Que voulons-nous dire par tout ce qui précède ? Qu’en un sens, tout le raisonnement de ce texte reste « en l’air ». Car, outre le carac­tère explicite­ment conditionnel de l’existence de Dieu, la définition de la justice énoncée dans le premier paragraphe n’est pas démontrée. Le sujet du texte est essen­tiellement de trouver un moyen pour faire aimer la justice. Le moyen est assu­rément intelligent, et il a ce caractère lié à l’intelligence d’être doux : la contrainte du logos est tout sauf violente ; toute autre est la contrainte de la justice, de toute justice effective. Encore une fois, le mot de justice employé hors de toute situation con­crète est agréable à l’oreille, il flatte, mais la justice effective tranche, qu’elle usurpe ou non le nom qu’elle porte. Il vaut mieux le sa­voir.

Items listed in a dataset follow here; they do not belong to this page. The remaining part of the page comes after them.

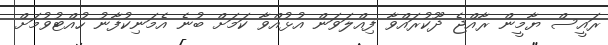
ރައީސް ޔާމީން ރާއްޖެ ދޫކުރައްވާ ފިއްލަވަން އުޅުއްވާ ކަމަށް ބުނެ އެމަނިކުފާނު ހުއްޓުވުމަށް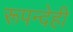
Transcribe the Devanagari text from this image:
रूपन्देही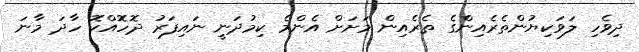
ދިވެހި ލަވަކިޔުންތެރެއިންގެ ތެރެއިން މަށަށް އެންމެ ކިމުދަނީ ނައިފަރު ދޮހޮއްކޮ ހާދަ މާނަ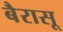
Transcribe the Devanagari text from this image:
बैरासू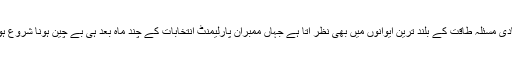
مگر یہ بنیادی مسئلہ طاقت کے بلند ترین ایوانوں میں بھی نظر آتا ہے جہاں ممبرانِ پارلیمنٹ انتخابات کے چند ماہ بعد ہی بے چین ہونا شروع ہوجاتے ہیں۔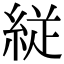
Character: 𮈕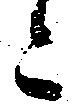
ニ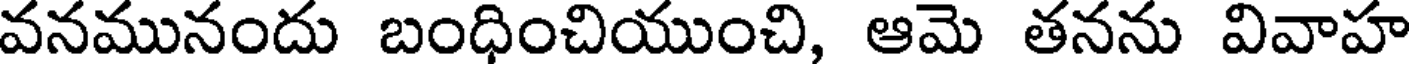
వనమునందు బంధించియుంచి, ఆమె తనను వివాహ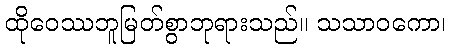
ထိုဝေဿဘူမြတ်စွာဘုရားသည်။ သသာဝကော၊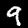
Label: 9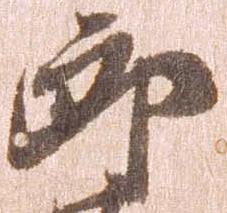
郎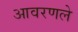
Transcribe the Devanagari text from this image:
आवरणले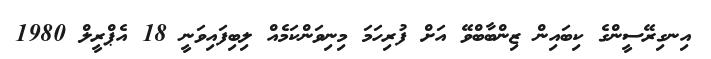
އިނގިރޭސީންގެ ކިބައިން ޒިންބާބްވޭ އަށް ފުރިހަމަ މިނިވަންކަމެއް ލިބިފައިވަނީ 18 އެޕްރީލް 1980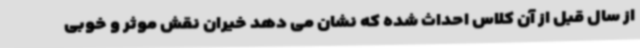
از سال قبل از آن کلاس احداث شده که نشان می دهد خیران نقش موثر و خوبی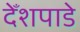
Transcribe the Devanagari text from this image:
देँशपाडे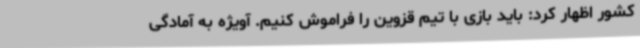
کشور اظهار کرد: باید بازی با تیم قزوین را فراموش کنیم. آویژه به آمادگی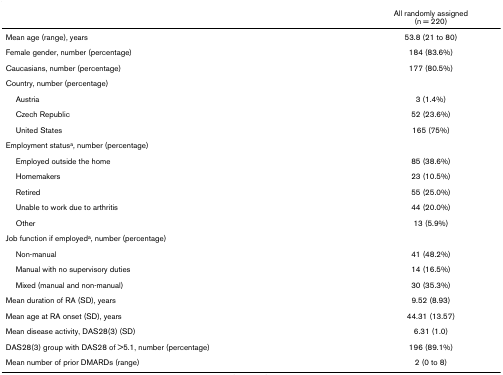
<table><thead><tr><td></td><td><b>All randomly assigned(n = 220)</b></td></tr></thead><tbody><tr><td>Mean age (range), years</td><td>53.8 (21 to 80)</td></tr><tr><td>Female gender, number (percentage)</td><td>184 (83.6%)</td></tr><tr><td>Caucasians, number (percentage)</td><td>177 (80.5%)</td></tr><tr><td>Country, number (percentage)</td><td></td></tr><tr><td> Austria</td><td>3 (1.4%)</td></tr><tr><td> Czech Republic</td><td>52 (23.6%)</td></tr><tr><td> United States</td><td>165 (75%)</td></tr><tr><td>Employment status<sup>a</sup>, number (percentage)</td><td></td></tr><tr><td> Employed outside the home</td><td>85 (38.6%)</td></tr><tr><td> Homemakers</td><td>23 (10.5%)</td></tr><tr><td> Retired</td><td>55 (25.0%)</td></tr><tr><td> Unable to work due to arthritis</td><td>44 (20.0%)</td></tr><tr><td> Other</td><td>13 (5.9%)</td></tr><tr><td>Job function if employed<sup>a</sup>, number (percentage)</td><td></td></tr><tr><td> Non-manual</td><td>41 (48.2%)</td></tr><tr><td> Manual with no supervisory duties</td><td>14 (16.5%)</td></tr><tr><td> Mixed (manual and non-manual)</td><td>30 (35.3%)</td></tr><tr><td>Mean duration of RA (SD), years</td><td>9.52 (8.93)</td></tr><tr><td>Mean age at RA onset (SD), years</td><td>44.31 (13.57)</td></tr><tr><td>Mean disease activity, DAS28(3) (SD)</td><td>6.31 (1.0)</td></tr><tr><td>DAS28(3) group with DAS28 of &gt;5.1, number (percentage)</td><td>196 (89.1%)</td></tr><tr><td>Mean number of prior DMARDs (range)</td><td>2 (0 to 8)</td></tr></tbody></table>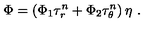
\Phi = \left( \Phi _ { 1 } \tau _ { r } ^ { n } + \Phi _ { 2 } \tau _ { \theta } ^ { n } \right) \eta \ .
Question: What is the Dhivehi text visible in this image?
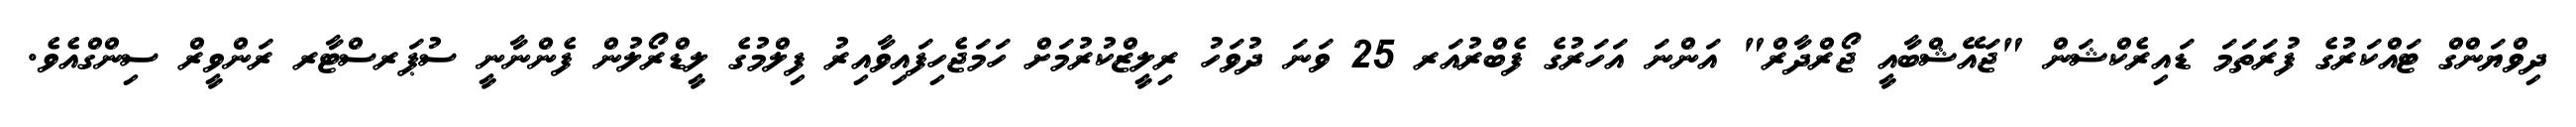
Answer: ދިވްޔަންގް ޓައްކަރުގެ ފުރަތަމަ ޑައިރެކްޝަން "ޖައޭޝްބާއީ ޖޯރްދާރް" އަންނަ އަހަރުގެ ފެބްރުއަރ 25 ވަނަ ދުވަހު ރިލީޒްކުރުމަށް ހަމަޖެހިފައިވާއިރު ފިލްމުގެ ލީޑްރޯލުން ފެންނާނީ ސުޕަރސްޓާރ ރަންވީރް ސިންގްއެވެ.
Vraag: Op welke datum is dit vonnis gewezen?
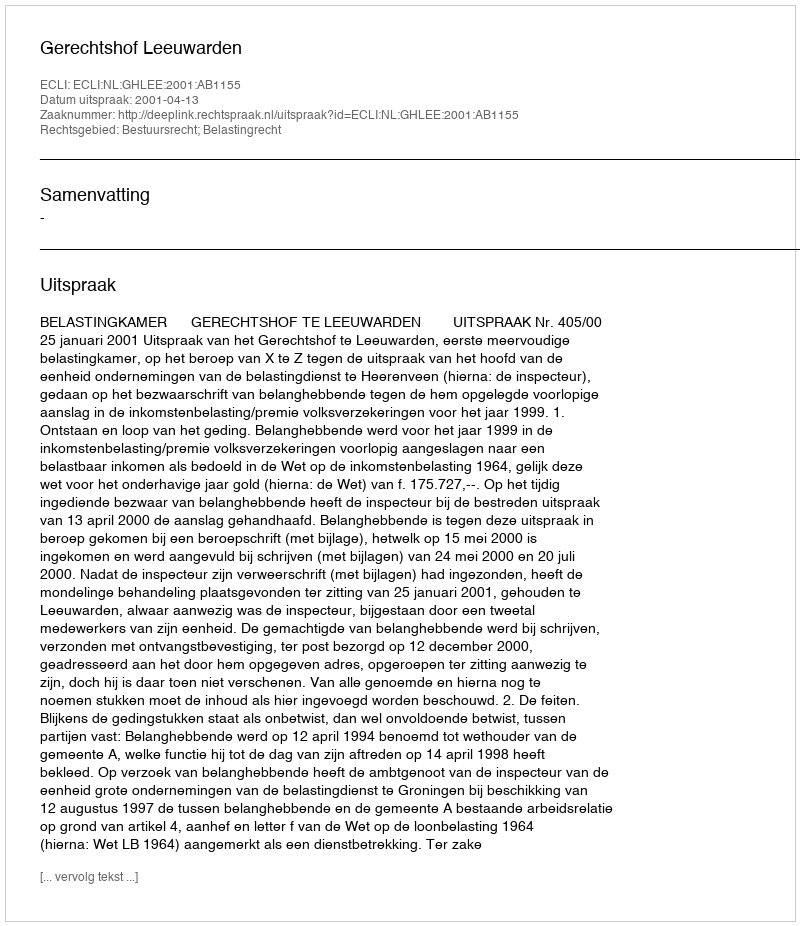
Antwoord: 2001-04-13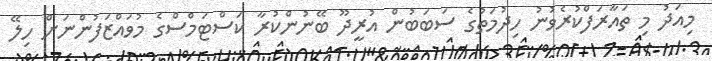
މިއަދު މި ތައާރަފްކުރެވުނު ހިދުމަތުގެ ސަބަބުން އުރީދޫ ބޭނުންކުރާ ކަސްޓަމްސްގެ މުވައްޒަފުންނަށް ހިލޭ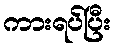
ကားရပ်ပြီး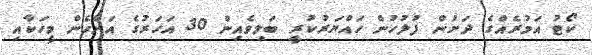
ކޯޓު އަމުރެއްގެ ދަށުން ފުލުހުން ހައްޔަރުކުރީ ބަލިވެއިން 30 އަހަރުގެ އަންހެން މީހަކާއި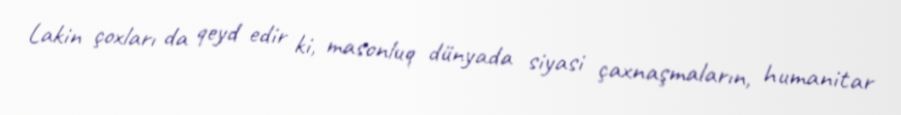
Lakin çoxları da qeyd edir ki, masonluq dünyada siyasi çaxnaşmaların, humanitar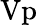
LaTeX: \mathrm{Vp}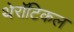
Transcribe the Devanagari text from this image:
थेरॉटिकल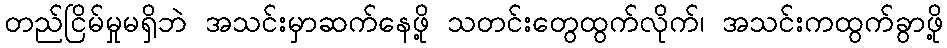
တည်ငြိမ်မှုမရှိဘဲ အသင်းမှာဆက်နေဖို့ သတင်းတွေထွက်လိုက်၊ အသင်းကထွက်ခွာဖို့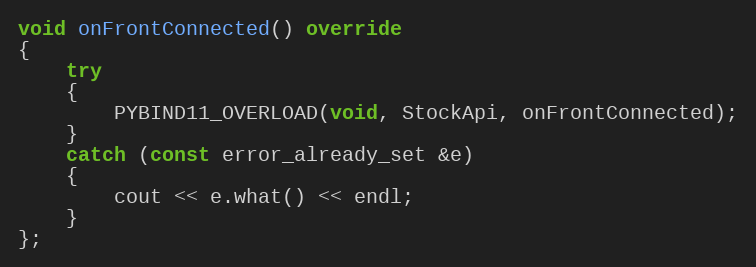
Language: C++
void onFrontConnected() override
{
	try
	{
		PYBIND11_OVERLOAD(void, StockApi, onFrontConnected);
	}
	catch (const error_already_set &e)
	{
		cout << e.what() << endl;
	}
};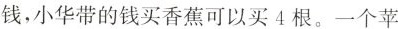
钱，小华带的钱买香蕉可以买4根。一个苹

Dans ce texte donc, Montesquieu nous présente une ré­flexion sur l’idée de Dieu comme appui de la justice ; mais, en soulignant le caractère hy­pothétique de cette idée, il souligne le caractère incertain de la justice, autre­ment dit l’instabilité des choses humaines.

La suite de cette lettre LXXXIII des Lettres Persanes nous ap­prend que l’auteur de la lettre voulait s’opposer à ceux qui présentent Dieu comme un être qui fait un exercice tyrannique de sa puissance. Mais le sens de cette lettre est peut-être dans la phrase suivante : « Voilà, Rhédi, ce qui m’a fait pen­ser que la jus­tice est éternelle et ne dé­pend point des conventions hu­maines ; et, quand elle en dépendrait, ce serait une vérité terrible, qu’il fau­drait se dérober à soi-même ». Cela confirme notre interpréta­tion selon laquelle ce passage, qui veut aller au secours de la jus­tice, ne la secourt pas sans la mettre en péril. De ce point de vue, la réflexion sur la justice apparaît émi­nemment péril­leuse et éminemment importante.


* Il s’agit ici des régimes communistes, dont les principaux étaient encore en place lorsque ce texte a été écrit.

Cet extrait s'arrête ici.